What did a 5 kg salmon eat before it goes on the dining table?

9 kg of fish fead, which consist of

about 6 kg of plants, algae, soy and cut offs from filet factories

3 kg of fish meal

It takes approximately 13,5 kg to produce 3 kg of fish meal

Sources: Marine Ingredient Denmark,, Greenpeace ect.

Fish to fish from poor countries

One of the places that experiences overfishing of pelagic fish is Mauritania in West Africa. Once, there was plenty of fish in the seas of Mauritania, but today the three largest pelagic species, round and flat sardinella and bonga, are disappearing, according to FAOs latest evaluation.  

Bonga, round and flat sardinella are all used for fish meal and fish oil.  

“These species are widely overfished”, says Daniel Pauly. 

On average, every Mauritian eat between eight and 20 kilos of fish per year, according to FAOs calculations, and many of these fish are sardinella and bonga.   

During recent years, these species have been increasingly attractive to an increasing amount of factories located along the coast, east of the countries largest coastal city, Nouadhibou. 

The fishermen in Nouadhibou sell a lot of their catch to these factories that make the fishes into fish meal and fish oil, which is exported to Russia, China and the EU. The fish meal and -oil industry is increasing and have made Mauritania into one of West Africa’s largest exporters of pelagic fishes.  

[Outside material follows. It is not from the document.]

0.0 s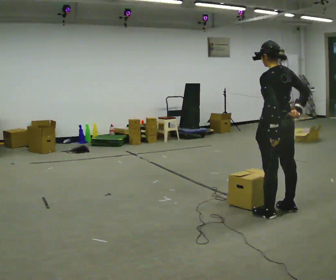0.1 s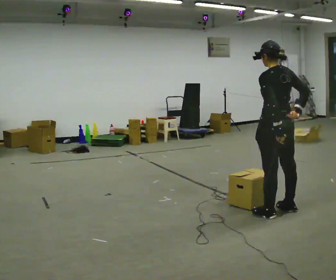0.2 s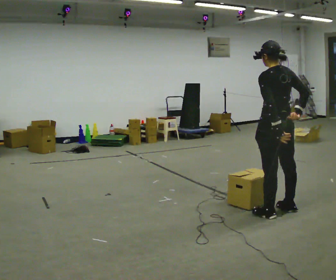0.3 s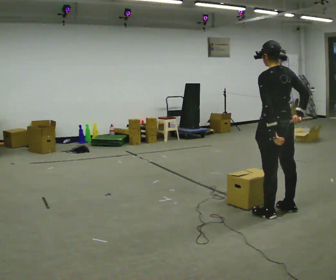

“This industry will destroy the Sardinella stock in the region, but not before it will have reduced the local consumption of fish, i.e. affected the incomes and food security of the people in West-Africa”, Daniel Pauly writes in an email to Danwatch. 

Danish import from West Africa

Most of the fish meal and – oil imported to Denmark comes from Iceland, Norway and Chile, and the West African countries, Morocco and Mauritania, are number seven on the list. In 2018, Mauritania was the seventh largest supplier of fish oil to Denmark, and Morocco was the seventh largest supplier of fish meal, statistics from the Danish Fisheries Agency show.  

We asked Philippe Cury, what companies could do to refrain from affecting food security in West Africa, when they buy fish meal and fish oil from Mauritania and Morocco. 

“They should stop”, is his answer in short.

“West Africa has a large problem with food security, and it is serious”.